* What you have to do
Write out the entries exactly, pictures excluded.

* Dataset
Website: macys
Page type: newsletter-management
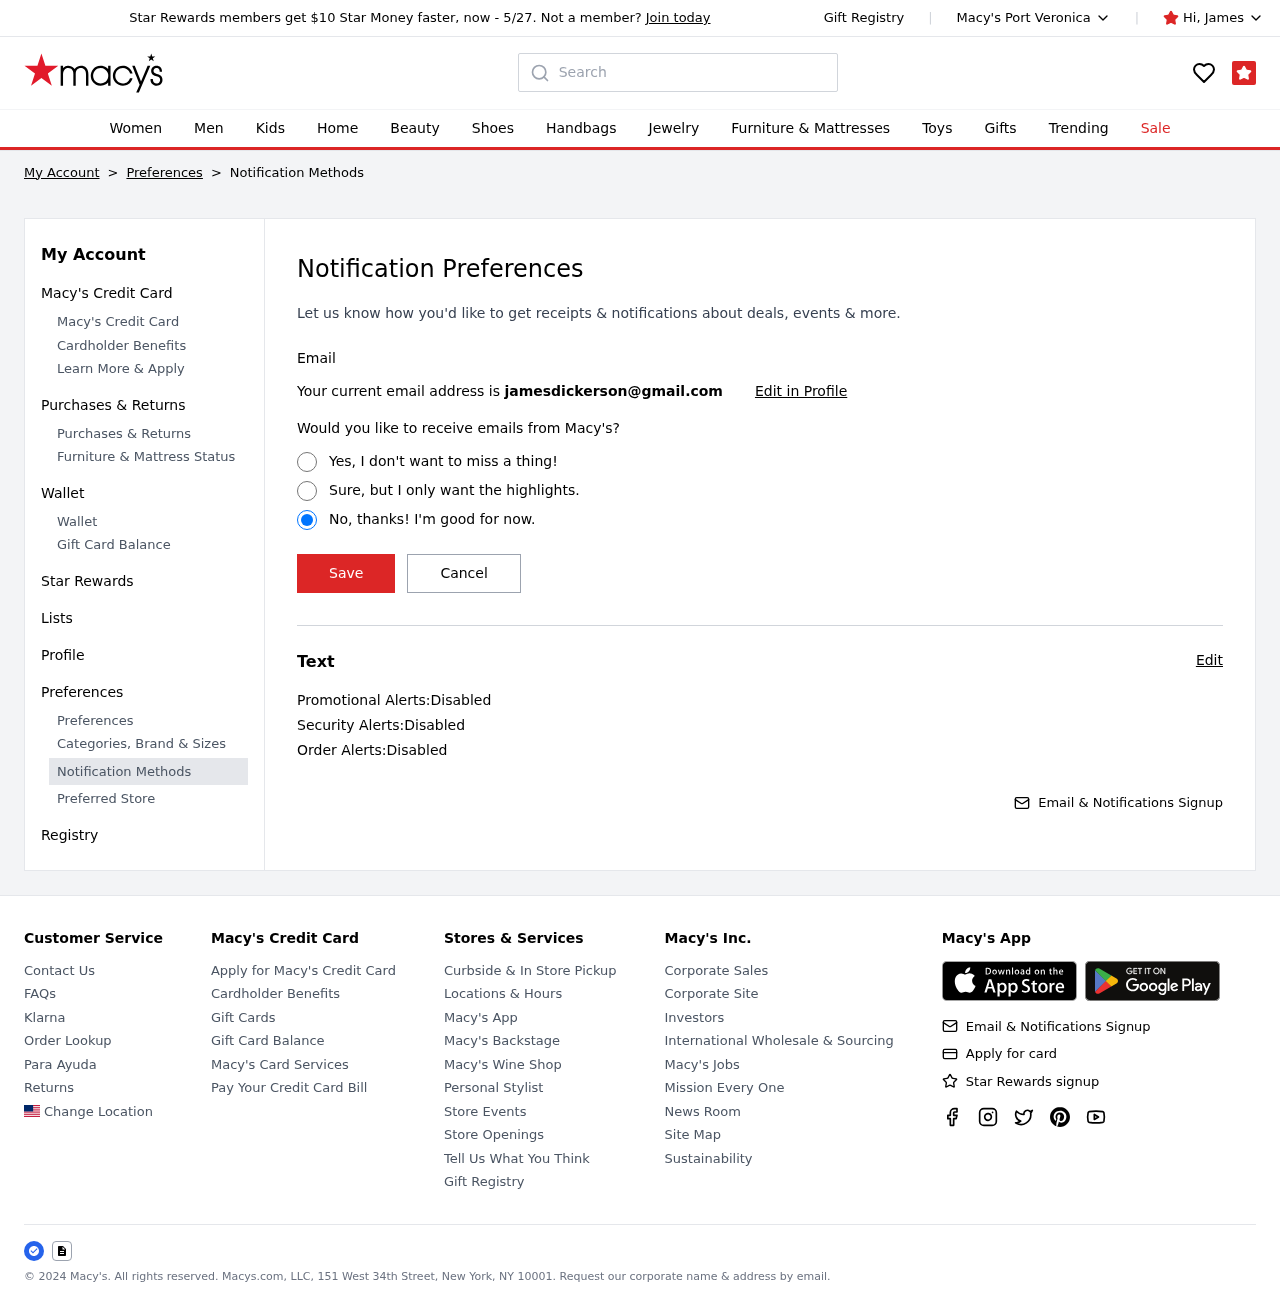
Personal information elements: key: PII_CITY
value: Port Veronica
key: PII_EMAIL
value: jamesdickerson@gmail.com
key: PII_FIRSTNAME
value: James
Search elements: key: HEADER_SEARCH
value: Search
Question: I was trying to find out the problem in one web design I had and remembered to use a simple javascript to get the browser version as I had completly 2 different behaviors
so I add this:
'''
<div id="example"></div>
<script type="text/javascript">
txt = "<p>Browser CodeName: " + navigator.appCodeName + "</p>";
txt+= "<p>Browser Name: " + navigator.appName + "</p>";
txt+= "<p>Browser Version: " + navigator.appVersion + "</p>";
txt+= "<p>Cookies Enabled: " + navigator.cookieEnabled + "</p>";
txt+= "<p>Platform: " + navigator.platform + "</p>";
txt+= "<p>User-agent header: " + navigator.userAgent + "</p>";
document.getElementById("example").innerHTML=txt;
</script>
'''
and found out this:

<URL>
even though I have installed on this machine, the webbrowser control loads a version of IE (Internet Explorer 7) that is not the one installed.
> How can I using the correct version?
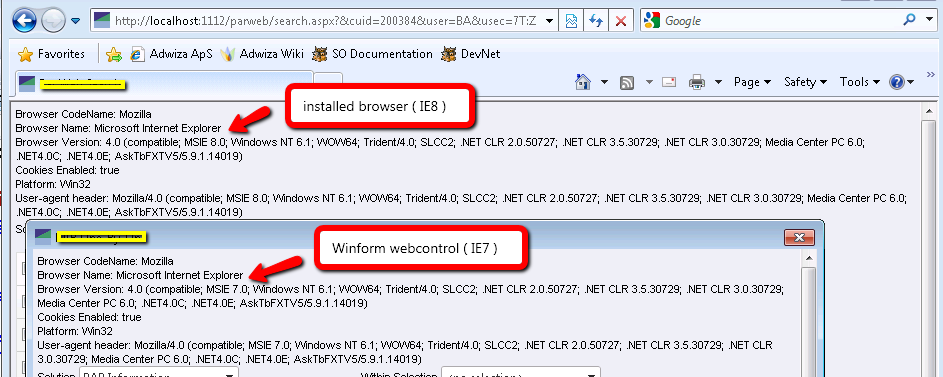
Answer: Actually it is possible to force the control to use particular version of IE. Have a look at this article: <URL>
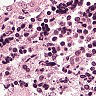
Metastatic tissue present: no
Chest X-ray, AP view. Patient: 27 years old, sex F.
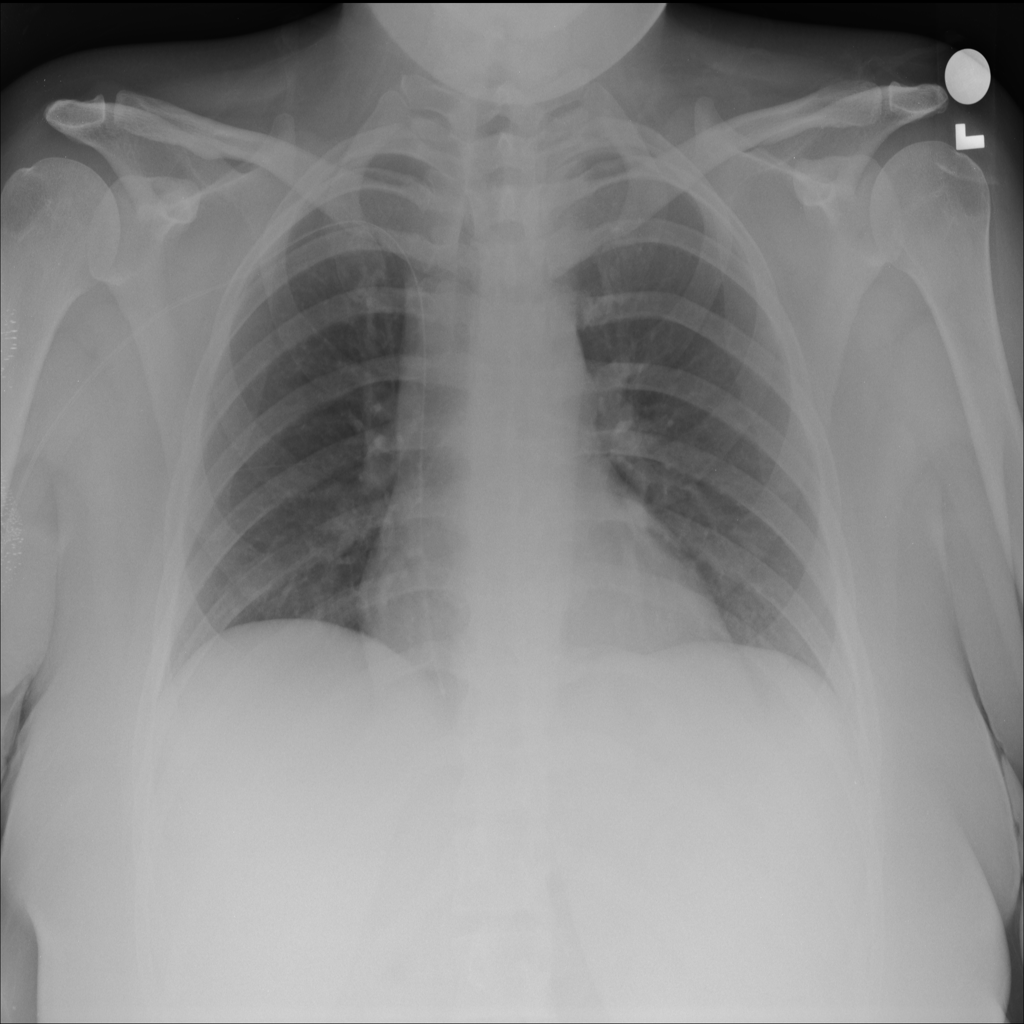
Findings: No Finding
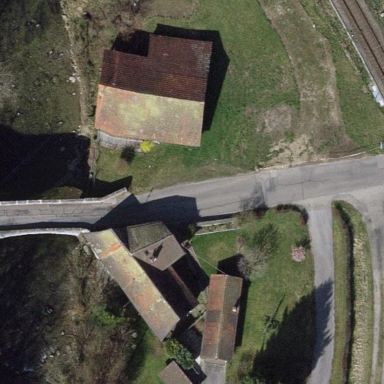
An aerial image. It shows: Farmyard area.
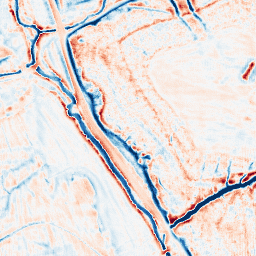
Category: edge_preserving
Decomposition family: bilateral
Decomposition parameters: d: 15
sigma_color: 25
sigma_space: 50
Upsampling method: fft_zeropad
Upsampling parameters: scale: 8
Upsampling scale: 8
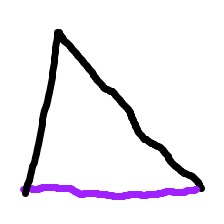
Shape: triangle
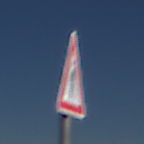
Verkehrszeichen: FussgaengerRechts
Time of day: MorningAfternoon
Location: Outdoor (RoadRail)
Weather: Clear
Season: NotSpecified
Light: Natural
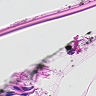
Metastatic tissue present: no
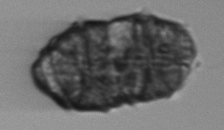
Label: Margalefidinium
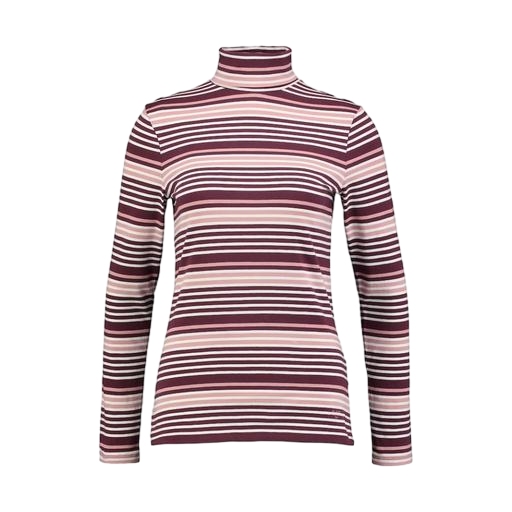
red women's striped long-sleeve t-shirt, multicolor skinny stretch polo shirt, multicolor petite ellie turtle neck jersey top, white background
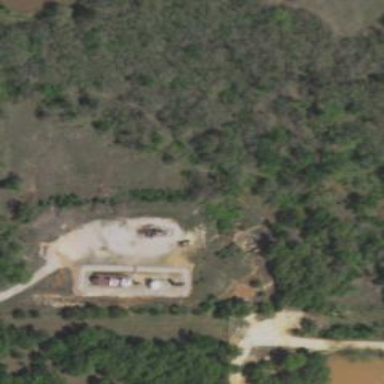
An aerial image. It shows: Petroleum well that is man-made.
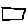
Label: square
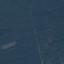
Label: Forest
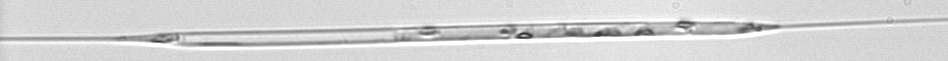
Label: Rhizosolenia
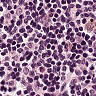
Metastatic tissue present: no
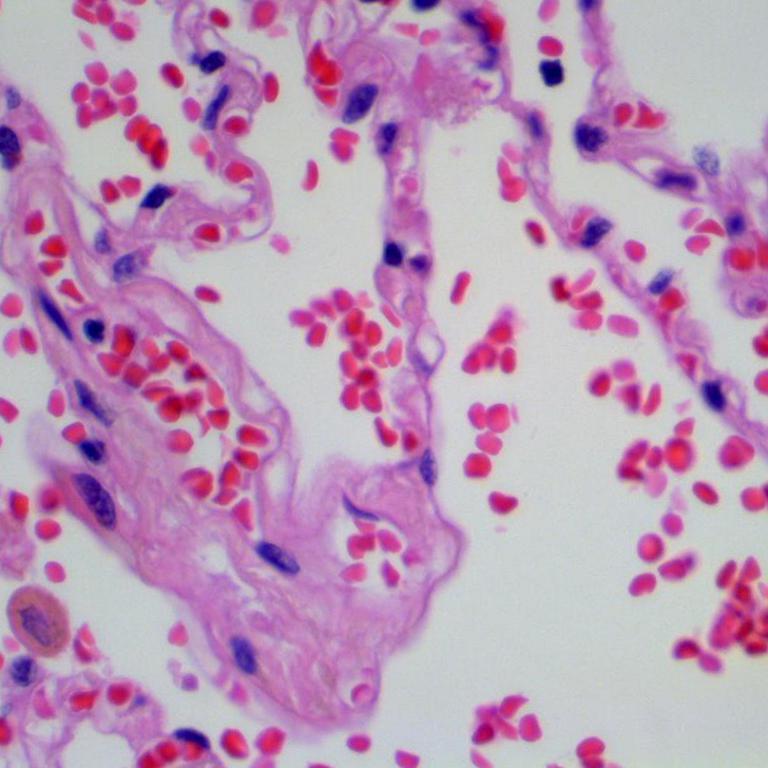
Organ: lung
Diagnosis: benign
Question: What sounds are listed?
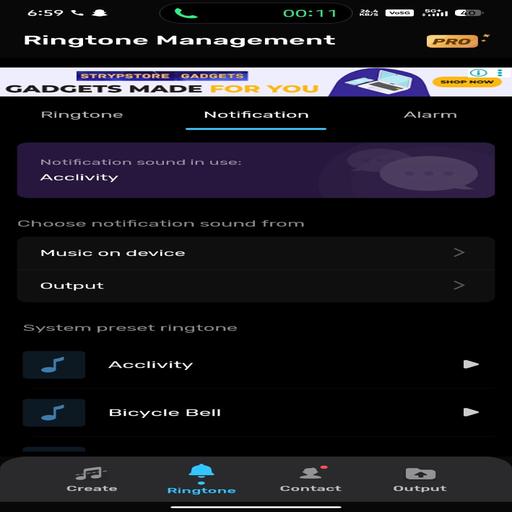
Answer: Acclivity, Bicycle Bell
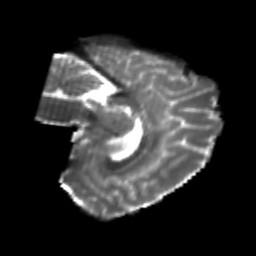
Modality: T2w
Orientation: sagittal
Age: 20
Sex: female
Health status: healthy
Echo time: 0.074 s
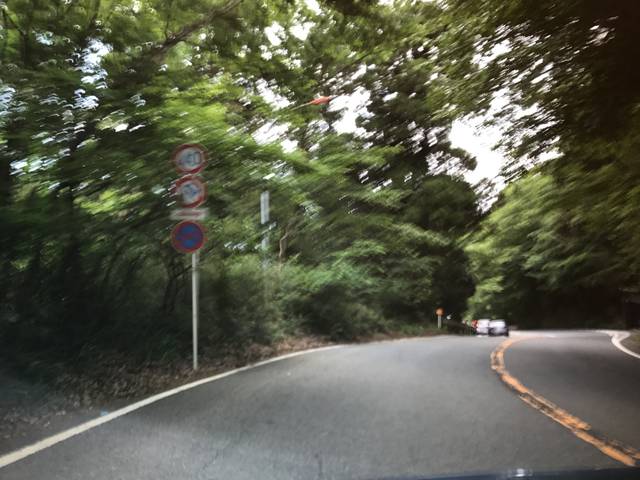
Region: Japan
Coordinates: 35.238, 139.076
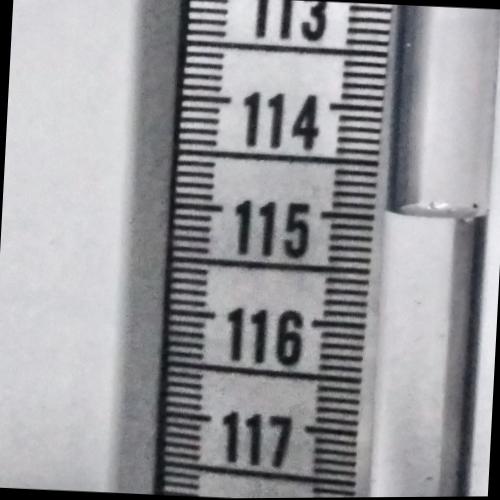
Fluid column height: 115.0 cm
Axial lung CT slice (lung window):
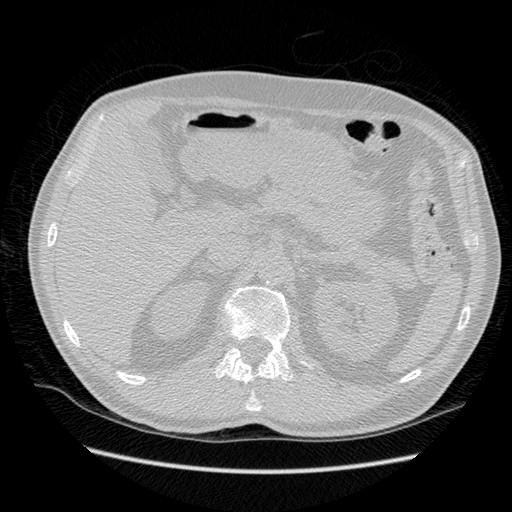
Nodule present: no
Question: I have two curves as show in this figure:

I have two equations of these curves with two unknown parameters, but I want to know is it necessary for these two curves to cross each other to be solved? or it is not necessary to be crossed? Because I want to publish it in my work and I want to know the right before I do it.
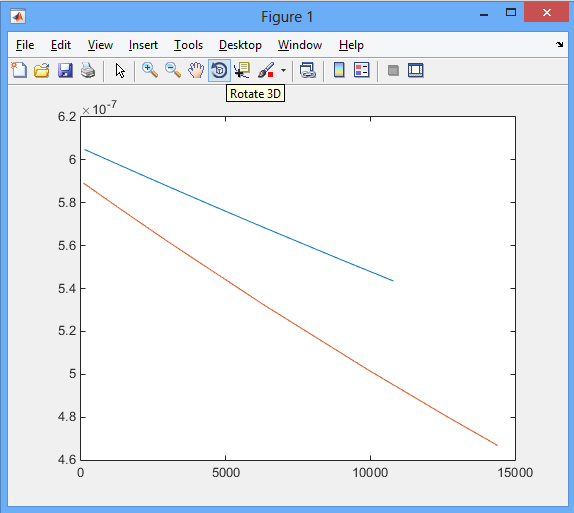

* Output for this exercise
Website: macys
Page type: newsletter-management
Personal information elements: key: PII_CITY
value: Port Veronica
key: PII_EMAIL
value: jamesdickerson@gmail.com
key: PII_FIRSTNAME
value: James
Search elements: key: HEADER_SEARCH
value: Search
Question: I was trying to find out the problem in one web design I had and remembered to use a simple javascript to get the browser version as I had completly 2 different behaviors
so I add this:
'''
<div id="example"></div>
<script type="text/javascript">
txt = "<p>Browser CodeName: " + navigator.appCodeName + "</p>";
txt+= "<p>Browser Name: " + navigator.appName + "</p>";
txt+= "<p>Browser Version: " + navigator.appVersion + "</p>";
txt+= "<p>Cookies Enabled: " + navigator.cookieEnabled + "</p>";
txt+= "<p>Platform: " + navigator.platform + "</p>";
txt+= "<p>User-agent header: " + navigator.userAgent + "</p>";
document.getElementById("example").innerHTML=txt;
</script>
'''
and found out this:

<URL>
even though I have installed on this machine, the webbrowser control loads a version of IE (Internet Explorer 7) that is not the one installed.
> How can I using the correct version?
Answer: Actually it is possible to force the control to use particular version of IE. Have a look at this article: <URL>
Metastatic tissue present: no
Chest X-ray, AP view. Patient: 27 years old, sex F.
Findings: No Finding
An aerial image. It shows: Farmyard area.
Category: edge_preserving
Decomposition family: bilateral
Decomposition parameters: d: 15
sigma_color: 25
sigma_space: 50
Upsampling method: fft_zeropad
Upsampling parameters: scale: 8
Upsampling scale: 8
Shape: triangle
Verkehrszeichen: FussgaengerRechts
Time of day: MorningAfternoon
Location: Outdoor (RoadRail)
Weather: Clear
Season: NotSpecified
Light: Natural
Metastatic tissue present: no
Label: Margalefidinium
red women's striped long-sleeve t-shirt, multicolor skinny stretch polo shirt, multicolor petite ellie turtle neck jersey top, white background
An aerial image. It shows: Petroleum well that is man-made.
Label: square
Label: Forest
Label: Rhizosolenia
Metastatic tissue present: no
Organ: lung
Diagnosis: benign
Question: What sounds are listed?
Answer: Acclivity, Bicycle Bell
Modality: T2w
Orientation: sagittal
Age: 20
Sex: female
Health status: healthy
Echo time: 0.074 s
Region: Japan
Coordinates: 35.238, 139.076
Fluid column height: 115.0 cm
Axial lung CT slice (lung window):
Nodule present: no
Question: I have two curves as show in this figure:

I have two equations of these curves with two unknown parameters, but I want to know is it necessary for these two curves to cross each other to be solved? or it is not necessary to be crossed? Because I want to publish it in my work and I want to know the right before I do it.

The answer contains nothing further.